### Task brief
Every record needs to come back as written, except for the pictures.

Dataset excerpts

* * * * * * * * *

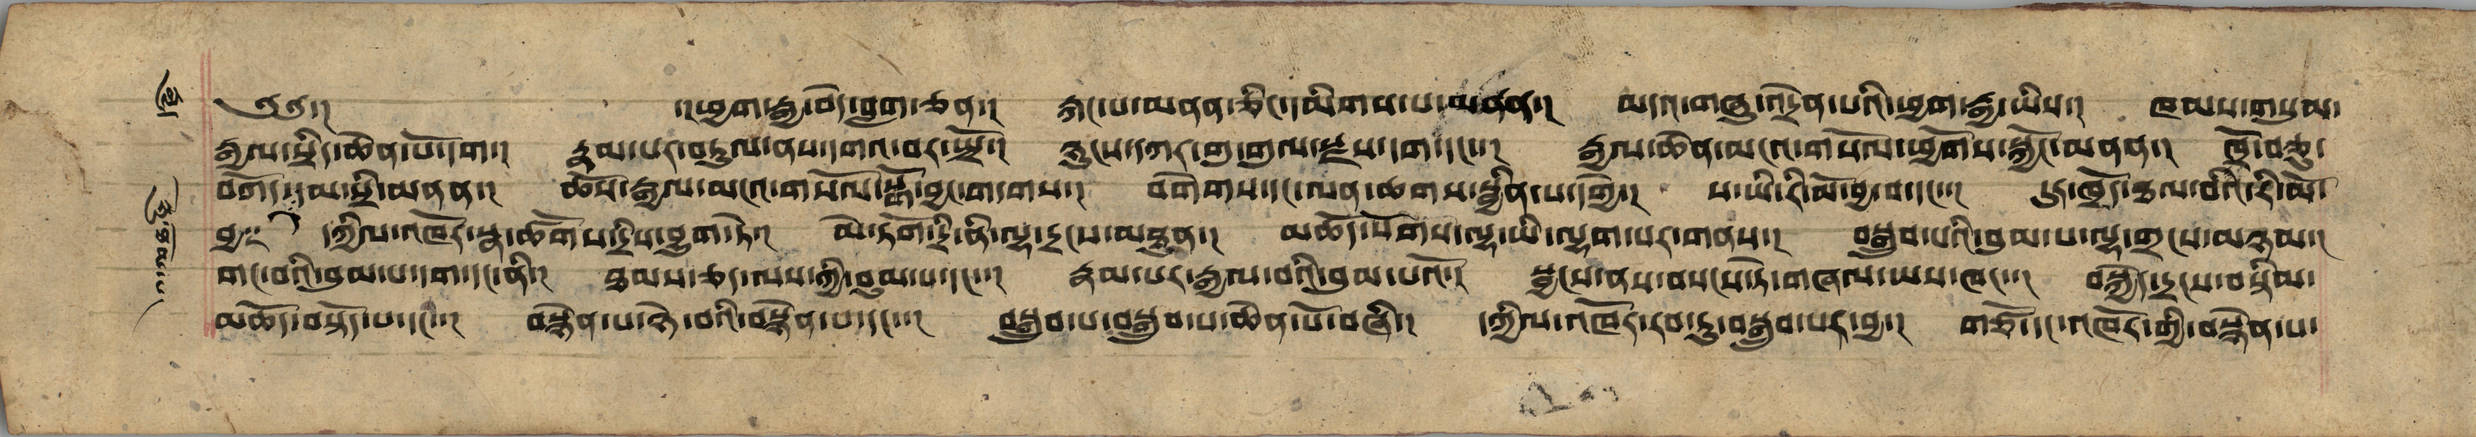་།ཕྱག་རྒྱ་བདེ་བླག་ཅན་། རྐང་པ་མནན་ཅིང་དམིགས་པ་མནན་། མདའ་གཞུ་འདྲེན་པའི་ཕྱག་རྒྱ་ཡིས་། ཁམས་གསུམ་
རྒྱལ་སྲིད་ཆེན་པོ་དག་། རྣམ་པར་བཏུལ་ནས་དགའ་བར་སྤྲོ་། ཉུངས་དཀར་གུ་གུལ་སྫས་དག་དང་་། རྒྱལ་ཆེན་མངའ་གསོལ་ཕྱོགས་སྐྱོང་མནན་། ཁྲོ་བཅུ་
བཀོད་དམ་སྲི་མནན་། ཆོས་རྒྱལ་མངའ་གསོལ་སྒོ་བྱང་གདགས་། བགེགས་དང་ལན་ཆགས་སྦྱིན་པ་དགྱེ་། ས་ཡི་རི་མོ་བྱ་བ་དང་་། དུར་ཁྲོད་ཐལ་བའི་རི་མོ་
བྱ༑ དཀྱིལ་འཁོར་སྣ་ཚོགས་དྲིས་བྱུག་ཏེ་། མེ་ཏོག་དྲི་ནི་ལྷ་དྲངས་མཐུན་། མཆོད་སོགས་ལྷ་ཡི་ལྷག་པར་གནས་། བསྒྲུབ་པའི་བུམ་པ་ལྷ་གྲངས་མཉམ་།
གང་བའི་བུམ་པ་དག་དང་ནི་། ཐམས་ཅད་ལས་ཀྱི་བུམ་པ་དང་་། རྣམ་པར་རྒྱལ་བའི་བུམ་པའོ་། སྦྱངས་ནས་བསངས་ཏེ་གཞལ་ཡས་ཁང་་། བསྐྱེད་དྲངས་བསྟིམ་
མཆོད་བསྟོད་པ་དང་་། བསྙེན་པ་ཉེ་བའི་བསྙེན་པ་དང་་། བསྒྲུབ་པ་བསྒྲུབ་པ་ཆེན་པོ་བཞི་། དཀྱིལ་འཁོར་རབ་ཏུ་བསྒྲུབ་པར་བྱྲ་། གཙོ་དང་འཁཽཽར་གྱི་བསྙེན་པ་
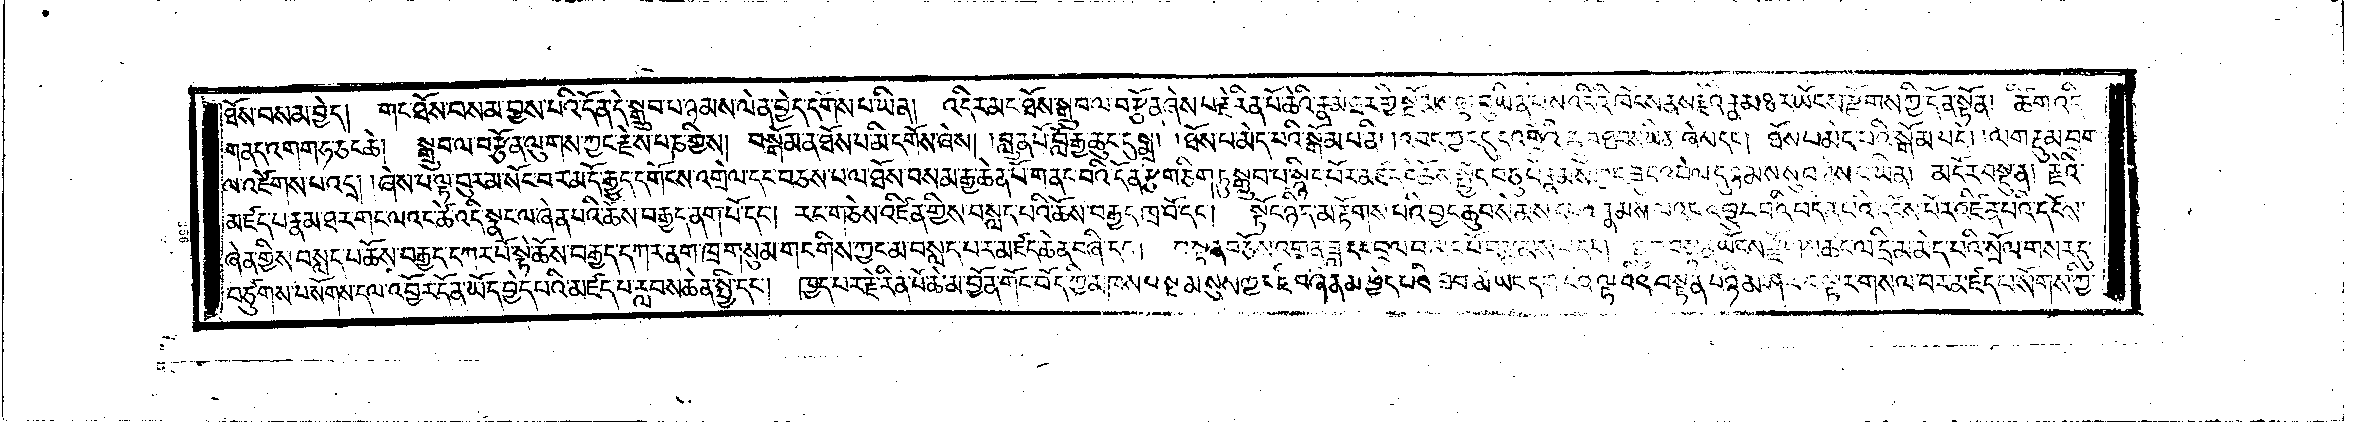ཐོས་བསམ་བྱེད། གང་ཐོས་བསམ་བྱས་པའི་དོན་དེ་སྒྲུབ་པ་ཉམས་ལེན་བྱེད་དགོས་པ་ཡིན། འདིར་མང་ཐོས་སྒྲུབ་ལ་བརྩོན་ཞེས་པ་རྗེ་རིན་པོ་ཆེའི་རྣམ་ཐར་གྱི་སྡོམ་ལྟ་བུ་ཡིན་པས་འདིའི་ཁོངས་ནས་རྗེའི་རྣམ་ཐར་ཡོངས་རྫོགས་ཀྱི་དོན་སྟོན། ཚིག་འདི་
གནད་འགག་ཧ་ཅང་ཆེ། སྒྲུབ་ལ་བརྩོན་ལུགས་ཀྱང་རྗེས་པན་གྱིས། བསྒོམ་ན་ཐོས་པ་མི་དགོས་ཞེས། །བླུན་པོ་བློ་རྒྱ་ཆུང་ངུ་སྨྲ། །ཐོས་པ་མེད་པའི་སྒོམ་པ་ནི། །འབད་ཀྱང་དུད་འགྲོའི་སྒྲུབ་ཐབས་ཡིན། ཞེས་དང་། ཐོས་པ་མེད་པའི་སྒོམ་པ་དེ། །ལག་རྡུམ་བྲག་
ལ་འཛེགས་པ་འདྲ། །ཞེས་པ་ལྟ་བུར་མ་སོང་བར་མདོ་རྒྱུད་དགོངས་འགྲེལ་དང་བཅས་པ་ལ་ཐོས་བསམ་རྒྱ་ཆེན་པོ་གནང་བའི་དོན་རྩེ་གཅིག་ཏུ་སྒྲུབ་པ་སྙིང་པོར་མཛད་དེ་ཆོས་སྤྱོད་བཅུ་པོ་རྣམས་ཀྱང་ཟུང་འབྲེལ་དུ་ཉམས་སུ་བཞེས་པ་ཡིན། མདོར་བསྡུ་ན། རྗེའི་
མཛད་པ་རྣམ་ཐར་གང་ལའང་ཚེ་འདི་སྣང་ལ་ཞེན་པའི་ཆོས་བརྒྱད་ནག་པོ་དང་། རང་གཅེས་འཛིན་གྱིས་བསླད་པའི་ཆོས་བརྒྱད་ཁྲ་བོ་དང་། སྟོང་ཉིད་མ་རྟོགས་པའི་བྱང་ཆུབ་སེམས་དཔའ་རྣམས་ལའང་འབྱུང་བའི་བདེན་པའི་དངོས་པོར་འཛིན་པའི་དངོས་
ཞེན་གྱིས་བསླད་པ་ཆོས་བརྒྱད་དཀར་པོ་སྟེ་ཆོས་བརྒྱད་དཀར་ནག་ཁྲ་གསུམ་གང་གིས་ཀྱང་མ་བསླད་པར་མཛད་ཆེན་བཞི་དང་། བསྟན་བཅོས་འགྲན་ཟླ་དང་བྲལ་བ་མང་པོ་བརྩམས་པ་དང་། ཐུབ་བསྟན་ཡོངས་རྫོགས་ཚང་ལ་དྲི་མ་མེད་པའི་སྲོལ་གསར་དུ་
བཙུགས་པ་སོགས་དལ་འབྱོར་དོན་ཡོད་བྱེད་པའི་མཛད་པ་རླབས་ཆེན་སྤྱི་དང་། ཁྱད་པར་རྗེ་རིན་པོ་ཆེ་མ་བྱོན་གོང་བོད་ཀྱི་མཁས་པ་སྔ་མ་སུས་ཀྱང་ཇི་བཞིན་མ་ཕྱེད་པའི་ཟབ་མོ་ཡང་དག་པའི་ལྟ་བའི་བསྟན་པ་ཉི་མ་ཤར་བ་ལྟར་གསལ་བར་མཛད་པ་སོགས་ཀྱི་
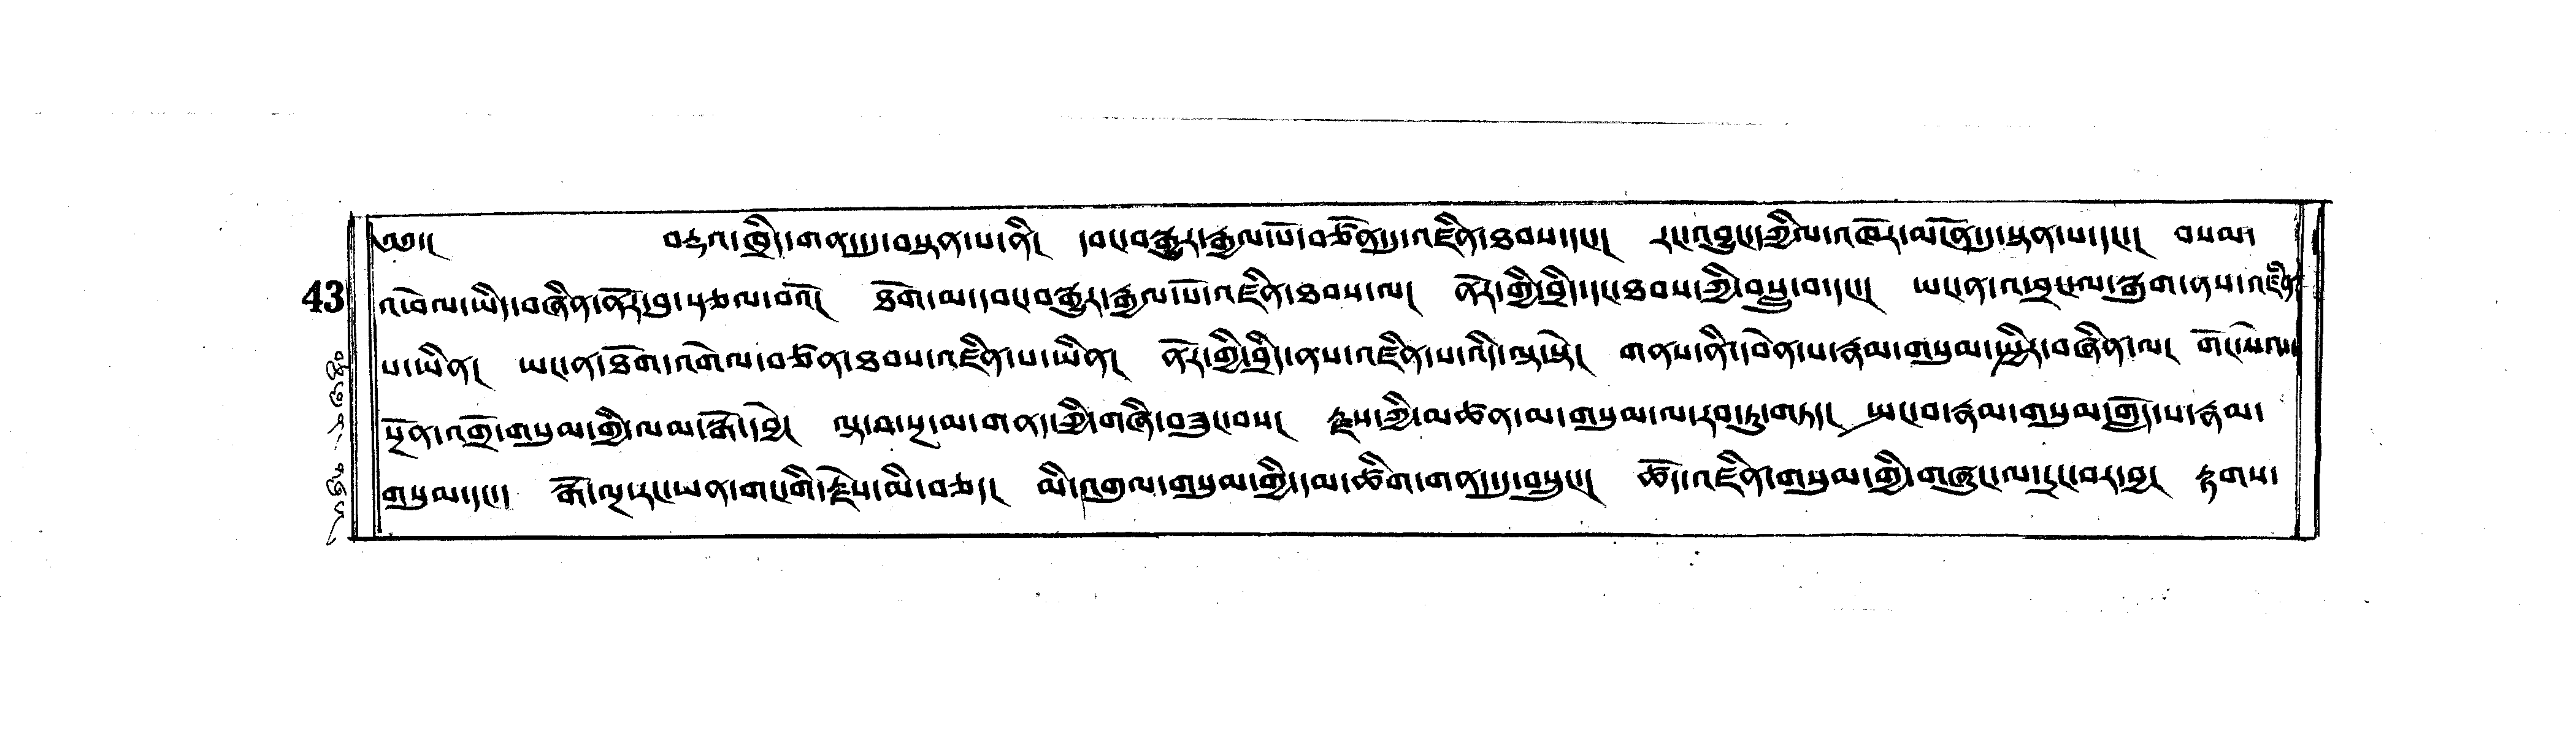བརྡ་ཁྲིད་གནད་དུ་བསྟན་པ་ནི། དབང་སྒྱུར་རྒྱལ་པོ་བཙོན་དུ་འཛིན་ཐབས་དང་། རང་འབྱུང་དཀྱིལ་འཁོར་མངོན་དུ་བསྟན་པ་དང་། བསམ་
འཕེལ་ཡིད་བཞིན་ནོར་བུ་བཙལ་བའོ། ཐོག་མ་དབང་སྒྱུར་རྒྱལ་པོ་འཛིན་ཐབས་ལ། ནོར་གྱིས་བྲིད་དང་ཐབས་ཀྱིས་བསླུ་བ་དང་། ཡང་ན་འཕྲང་ལ་སྒུགས་ནས་འཛིན་
པ་ཡིན། ཡང་ན་ཐོག་འགེལ་བཙན་ཐབས་འཛིན་པ་ཡིན། ནོར་གྱིས་བྲིད་ནས་འཛིན་པ་འདི་ལྟ་སྟེ། གནས་ནི་དབེན་པ་རྣམ་གསུམ་སྤྱིར་བཞིན་ལ། གོང་སེལ་
སྔོན་འགྲོ་གསུམ་གྱི་ལམ་སྒོ་དབྱེ། ལྟ་བ་སྔ་མ་གནད་ཀྱི་གཞི་བཟུང་བས། རྫས་ཀྱི་མཚན་མ་གསུམ་ལ་རབ་ཏུ་གཏད། སྤང་བ་རྣམ་གསུམ་གློད་པ་རྣམ་
གསུམ་དང་། སྒོ་ལྔ་རང་ཡན་གང་གི་རྗེས་མི་བཅད། མི་འགུལ་གསུམ་གྱི་དམ་ཚིག་གནད་དུ་བསྲུང་། ཚོད་འཛིན་གསུམ་གྱི་གཞུང་ལ་དྲང་བར་བྱ། རྟགས་

* * * * * * * * *

### Your solution
་།ཕྱག་རྒྱ་བདེ་བླག་ཅན་། རྐང་པ་མནན་ཅིང་དམིགས་པ་མནན་། མདའ་གཞུ་འདྲེན་པའི་ཕྱག་རྒྱ་ཡིས་། ཁམས་གསུམ་
རྒྱལ་སྲིད་ཆེན་པོ་དག་། རྣམ་པར་བཏུལ་ནས་དགའ་བར་སྤྲོ་། ཉུངས་དཀར་གུ་གུལ་སྫས་དག་དང་་། རྒྱལ་ཆེན་མངའ་གསོལ་ཕྱོགས་སྐྱོང་མནན་། ཁྲོ་བཅུ་
བཀོད་དམ་སྲི་མནན་། ཆོས་རྒྱལ་མངའ་གསོལ་སྒོ་བྱང་གདགས་། བགེགས་དང་ལན་ཆགས་སྦྱིན་པ་དགྱེ་། ས་ཡི་རི་མོ་བྱ་བ་དང་་། དུར་ཁྲོད་ཐལ་བའི་རི་མོ་
བྱ༑ དཀྱིལ་འཁོར་སྣ་ཚོགས་དྲིས་བྱུག་ཏེ་། མེ་ཏོག་དྲི་ནི་ལྷ་དྲངས་མཐུན་། མཆོད་སོགས་ལྷ་ཡི་ལྷག་པར་གནས་། བསྒྲུབ་པའི་བུམ་པ་ལྷ་གྲངས་མཉམ་།
གང་བའི་བུམ་པ་དག་དང་ནི་། ཐམས་ཅད་ལས་ཀྱི་བུམ་པ་དང་་། རྣམ་པར་རྒྱལ་བའི་བུམ་པའོ་། སྦྱངས་ནས་བསངས་ཏེ་གཞལ་ཡས་ཁང་་། བསྐྱེད་དྲངས་བསྟིམ་
མཆོད་བསྟོད་པ་དང་་། བསྙེན་པ་ཉེ་བའི་བསྙེན་པ་དང་་། བསྒྲུབ་པ་བསྒྲུབ་པ་ཆེན་པོ་བཞི་། དཀྱིལ་འཁོར་རབ་ཏུ་བསྒྲུབ་པར་བྱྲ་། གཙོ་དང་འཁཽཽར་གྱི་བསྙེན་པ་
ཐོས་བསམ་བྱེད། གང་ཐོས་བསམ་བྱས་པའི་དོན་དེ་སྒྲུབ་པ་ཉམས་ལེན་བྱེད་དགོས་པ་ཡིན། འདིར་མང་ཐོས་སྒྲུབ་ལ་བརྩོན་ཞེས་པ་རྗེ་རིན་པོ་ཆེའི་རྣམ་ཐར་གྱི་སྡོམ་ལྟ་བུ་ཡིན་པས་འདིའི་ཁོངས་ནས་རྗེའི་རྣམ་ཐར་ཡོངས་རྫོགས་ཀྱི་དོན་སྟོན། ཚིག་འདི་
གནད་འགག་ཧ་ཅང་ཆེ། སྒྲུབ་ལ་བརྩོན་ལུགས་ཀྱང་རྗེས་པན་གྱིས། བསྒོམ་ན་ཐོས་པ་མི་དགོས་ཞེས། །བླུན་པོ་བློ་རྒྱ་ཆུང་ངུ་སྨྲ། །ཐོས་པ་མེད་པའི་སྒོམ་པ་ནི། །འབད་ཀྱང་དུད་འགྲོའི་སྒྲུབ་ཐབས་ཡིན། ཞེས་དང་། ཐོས་པ་མེད་པའི་སྒོམ་པ་དེ། །ལག་རྡུམ་བྲག་
ལ་འཛེགས་པ་འདྲ། །ཞེས་པ་ལྟ་བུར་མ་སོང་བར་མདོ་རྒྱུད་དགོངས་འགྲེལ་དང་བཅས་པ་ལ་ཐོས་བསམ་རྒྱ་ཆེན་པོ་གནང་བའི་དོན་རྩེ་གཅིག་ཏུ་སྒྲུབ་པ་སྙིང་པོར་མཛད་དེ་ཆོས་སྤྱོད་བཅུ་པོ་རྣམས་ཀྱང་ཟུང་འབྲེལ་དུ་ཉམས་སུ་བཞེས་པ་ཡིན། མདོར་བསྡུ་ན། རྗེའི་
མཛད་པ་རྣམ་ཐར་གང་ལའང་ཚེ་འདི་སྣང་ལ་ཞེན་པའི་ཆོས་བརྒྱད་ནག་པོ་དང་། རང་གཅེས་འཛིན་གྱིས་བསླད་པའི་ཆོས་བརྒྱད་ཁྲ་བོ་དང་། སྟོང་ཉིད་མ་རྟོགས་པའི་བྱང་ཆུབ་སེམས་དཔའ་རྣམས་ལའང་འབྱུང་བའི་བདེན་པའི་དངོས་པོར་འཛིན་པའི་དངོས་
ཞེན་གྱིས་བསླད་པ་ཆོས་བརྒྱད་དཀར་པོ་སྟེ་ཆོས་བརྒྱད་དཀར་ནག་ཁྲ་གསུམ་གང་གིས་ཀྱང་མ་བསླད་པར་མཛད་ཆེན་བཞི་དང་། བསྟན་བཅོས་འགྲན་ཟླ་དང་བྲལ་བ་མང་པོ་བརྩམས་པ་དང་། ཐུབ་བསྟན་ཡོངས་རྫོགས་ཚང་ལ་དྲི་མ་མེད་པའི་སྲོལ་གསར་དུ་
བཙུགས་པ་སོགས་དལ་འབྱོར་དོན་ཡོད་བྱེད་པའི་མཛད་པ་རླབས་ཆེན་སྤྱི་དང་། ཁྱད་པར་རྗེ་རིན་པོ་ཆེ་མ་བྱོན་གོང་བོད་ཀྱི་མཁས་པ་སྔ་མ་སུས་ཀྱང་ཇི་བཞིན་མ་ཕྱེད་པའི་ཟབ་མོ་ཡང་དག་པའི་ལྟ་བའི་བསྟན་པ་ཉི་མ་ཤར་བ་ལྟར་གསལ་བར་མཛད་པ་སོགས་ཀྱི་
བརྡ་ཁྲིད་གནད་དུ་བསྟན་པ་ནི། དབང་སྒྱུར་རྒྱལ་པོ་བཙོན་དུ་འཛིན་ཐབས་དང་། རང་འབྱུང་དཀྱིལ་འཁོར་མངོན་དུ་བསྟན་པ་དང་། བསམ་
འཕེལ་ཡིད་བཞིན་ནོར་བུ་བཙལ་བའོ། ཐོག་མ་དབང་སྒྱུར་རྒྱལ་པོ་འཛིན་ཐབས་ལ། ནོར་གྱིས་བྲིད་དང་ཐབས་ཀྱིས་བསླུ་བ་དང་། ཡང་ན་འཕྲང་ལ་སྒུགས་ནས་འཛིན་
པ་ཡིན། ཡང་ན་ཐོག་འགེལ་བཙན་ཐབས་འཛིན་པ་ཡིན། ནོར་གྱིས་བྲིད་ནས་འཛིན་པ་འདི་ལྟ་སྟེ། གནས་ནི་དབེན་པ་རྣམ་གསུམ་སྤྱིར་བཞིན་ལ། གོང་སེལ་
སྔོན་འགྲོ་གསུམ་གྱི་ལམ་སྒོ་དབྱེ། ལྟ་བ་སྔ་མ་གནད་ཀྱི་གཞི་བཟུང་བས། རྫས་ཀྱི་མཚན་མ་གསུམ་ལ་རབ་ཏུ་གཏད། སྤང་བ་རྣམ་གསུམ་གློད་པ་རྣམ་
གསུམ་དང་། སྒོ་ལྔ་རང་ཡན་གང་གི་རྗེས་མི་བཅད། མི་འགུལ་གསུམ་གྱི་དམ་ཚིག་གནད་དུ་བསྲུང་། ཚོད་འཛིན་གསུམ་གྱི་གཞུང་ལ་དྲང་བར་བྱ། རྟགས་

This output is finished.